Your assignment:
Transcribe the entries below exactly, starting with the line that has "Main lobe angle (degrees): 224.1" and stopping after the line that has "The gray curve"; no pictures belong in the copy.

++++ Extracted records

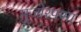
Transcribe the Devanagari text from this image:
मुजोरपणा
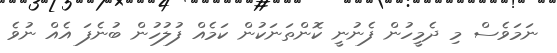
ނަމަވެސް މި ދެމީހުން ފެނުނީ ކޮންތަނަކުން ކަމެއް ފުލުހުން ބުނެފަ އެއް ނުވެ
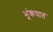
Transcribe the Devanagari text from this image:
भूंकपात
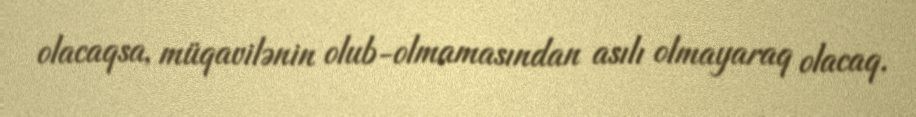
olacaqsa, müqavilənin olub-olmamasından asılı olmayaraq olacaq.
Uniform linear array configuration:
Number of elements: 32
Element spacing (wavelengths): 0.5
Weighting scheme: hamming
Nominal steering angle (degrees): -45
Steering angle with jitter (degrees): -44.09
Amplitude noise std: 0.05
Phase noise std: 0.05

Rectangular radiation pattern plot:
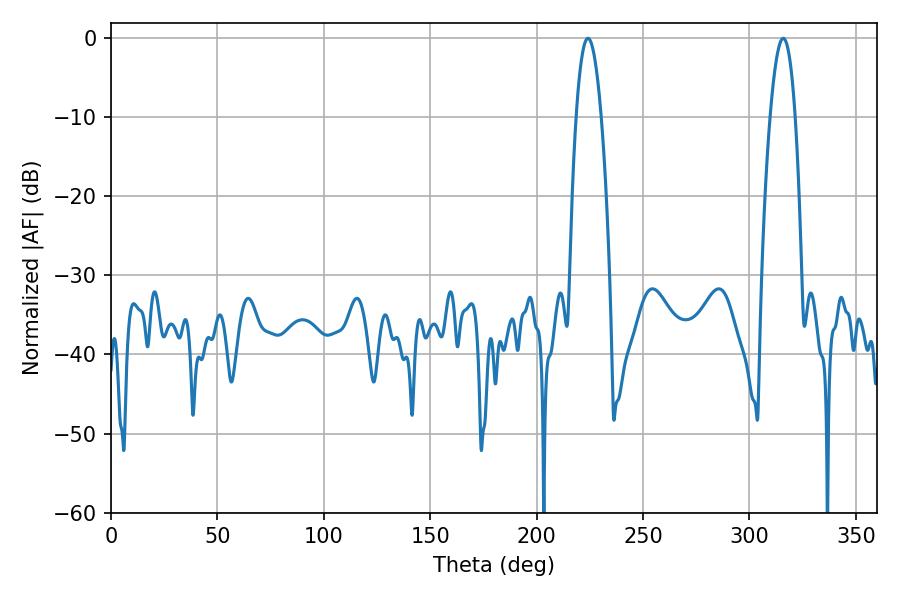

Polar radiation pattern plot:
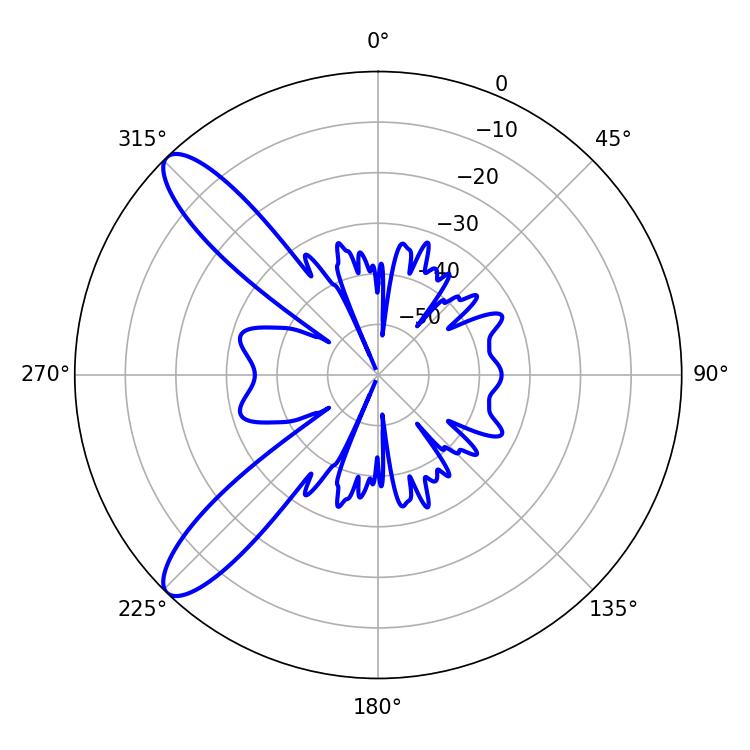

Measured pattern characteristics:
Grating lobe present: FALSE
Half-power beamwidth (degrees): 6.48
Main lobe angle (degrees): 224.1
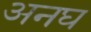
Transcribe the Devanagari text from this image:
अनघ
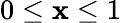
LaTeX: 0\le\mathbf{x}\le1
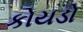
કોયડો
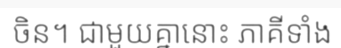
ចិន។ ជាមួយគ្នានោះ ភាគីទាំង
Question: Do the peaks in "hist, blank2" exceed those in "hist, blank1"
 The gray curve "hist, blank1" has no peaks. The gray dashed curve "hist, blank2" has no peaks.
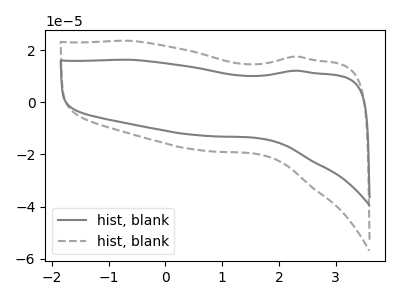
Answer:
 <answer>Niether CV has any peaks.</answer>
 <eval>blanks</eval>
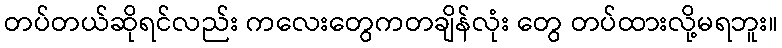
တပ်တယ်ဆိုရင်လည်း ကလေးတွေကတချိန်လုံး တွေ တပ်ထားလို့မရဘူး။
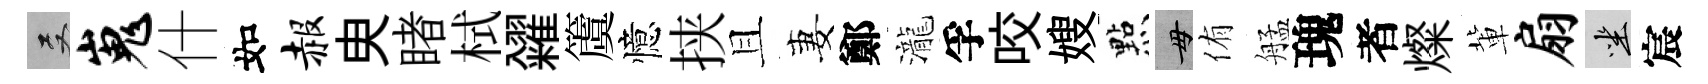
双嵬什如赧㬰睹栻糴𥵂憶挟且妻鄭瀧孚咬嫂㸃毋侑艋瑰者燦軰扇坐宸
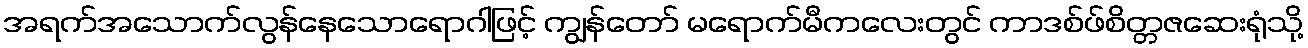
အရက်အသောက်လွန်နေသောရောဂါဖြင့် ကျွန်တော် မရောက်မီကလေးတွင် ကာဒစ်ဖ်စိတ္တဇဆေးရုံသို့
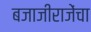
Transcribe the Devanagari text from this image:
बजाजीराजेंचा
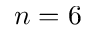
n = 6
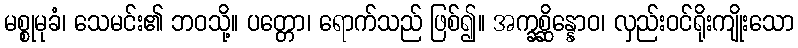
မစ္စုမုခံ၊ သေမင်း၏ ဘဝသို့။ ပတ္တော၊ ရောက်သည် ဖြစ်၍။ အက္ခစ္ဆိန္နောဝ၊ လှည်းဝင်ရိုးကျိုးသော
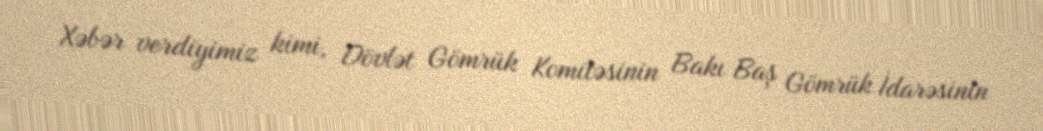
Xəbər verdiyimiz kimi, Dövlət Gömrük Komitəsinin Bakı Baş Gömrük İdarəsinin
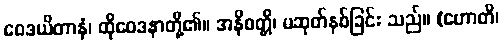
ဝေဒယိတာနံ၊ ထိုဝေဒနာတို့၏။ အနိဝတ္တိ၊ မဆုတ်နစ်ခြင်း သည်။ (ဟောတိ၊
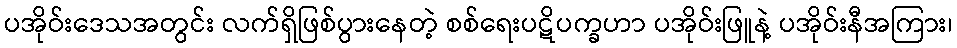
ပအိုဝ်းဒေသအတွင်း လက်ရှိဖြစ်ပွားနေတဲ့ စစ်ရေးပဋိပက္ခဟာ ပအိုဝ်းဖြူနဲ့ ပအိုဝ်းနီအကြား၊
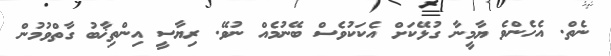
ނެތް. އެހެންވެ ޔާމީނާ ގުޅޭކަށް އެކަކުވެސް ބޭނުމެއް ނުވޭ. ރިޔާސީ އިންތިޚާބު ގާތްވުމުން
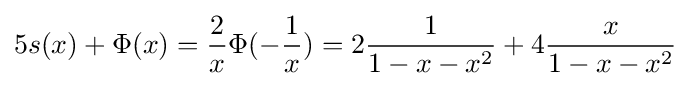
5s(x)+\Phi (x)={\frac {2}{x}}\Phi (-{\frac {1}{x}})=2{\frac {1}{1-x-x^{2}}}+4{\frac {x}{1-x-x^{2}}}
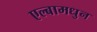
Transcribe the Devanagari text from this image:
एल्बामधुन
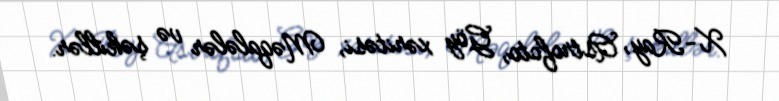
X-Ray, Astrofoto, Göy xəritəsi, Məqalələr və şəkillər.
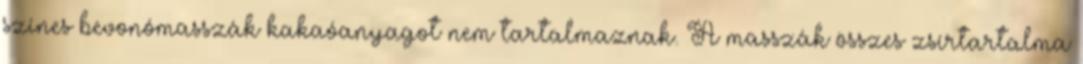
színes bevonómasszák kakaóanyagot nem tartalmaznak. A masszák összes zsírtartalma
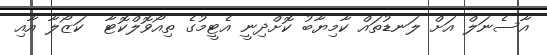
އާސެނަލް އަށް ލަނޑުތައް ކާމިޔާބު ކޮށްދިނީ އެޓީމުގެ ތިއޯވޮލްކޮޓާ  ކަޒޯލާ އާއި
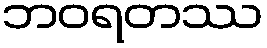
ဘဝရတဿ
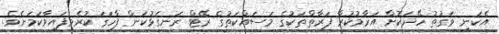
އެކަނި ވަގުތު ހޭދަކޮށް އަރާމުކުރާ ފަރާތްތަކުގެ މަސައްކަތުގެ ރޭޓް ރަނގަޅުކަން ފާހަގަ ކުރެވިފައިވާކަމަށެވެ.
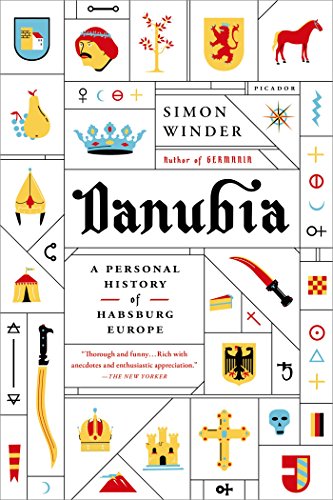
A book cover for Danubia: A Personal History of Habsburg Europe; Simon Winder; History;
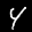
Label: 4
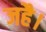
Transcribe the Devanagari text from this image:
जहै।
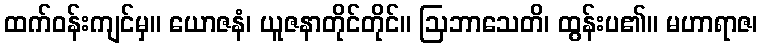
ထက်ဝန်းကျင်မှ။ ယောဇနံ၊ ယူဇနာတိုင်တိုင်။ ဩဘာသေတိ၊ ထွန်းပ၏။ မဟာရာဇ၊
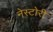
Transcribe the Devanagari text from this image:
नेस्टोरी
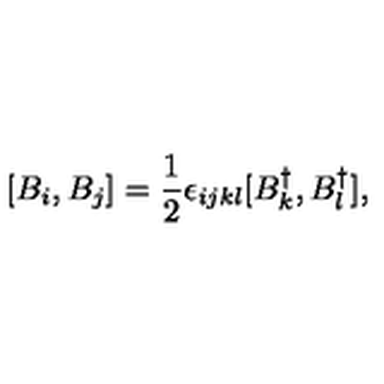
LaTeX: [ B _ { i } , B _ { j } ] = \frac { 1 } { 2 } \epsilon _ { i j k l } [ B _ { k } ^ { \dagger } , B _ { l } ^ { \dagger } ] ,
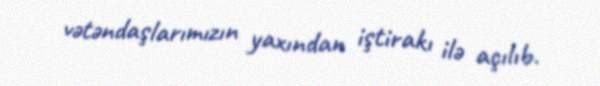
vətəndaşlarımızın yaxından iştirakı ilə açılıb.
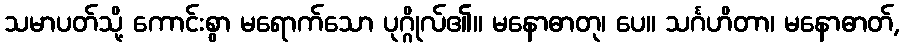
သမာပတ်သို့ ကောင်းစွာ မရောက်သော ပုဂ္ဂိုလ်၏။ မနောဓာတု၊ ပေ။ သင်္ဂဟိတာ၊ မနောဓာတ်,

++++++++

Response:
Main lobe angle (degrees): 224.1
Transcribe the Devanagari text from this image:
अनघ
LaTeX: 0\le\mathbf{x}\le1
કોયડો
ចិន។ ជាមួយគ្នានោះ ភាគីទាំង
Question: Do the peaks in "hist, blank2" exceed those in "hist, blank1"
 The gray curve "hist, blank1" has no peaks. The gray dashed curve "hist, blank2" has no peaks.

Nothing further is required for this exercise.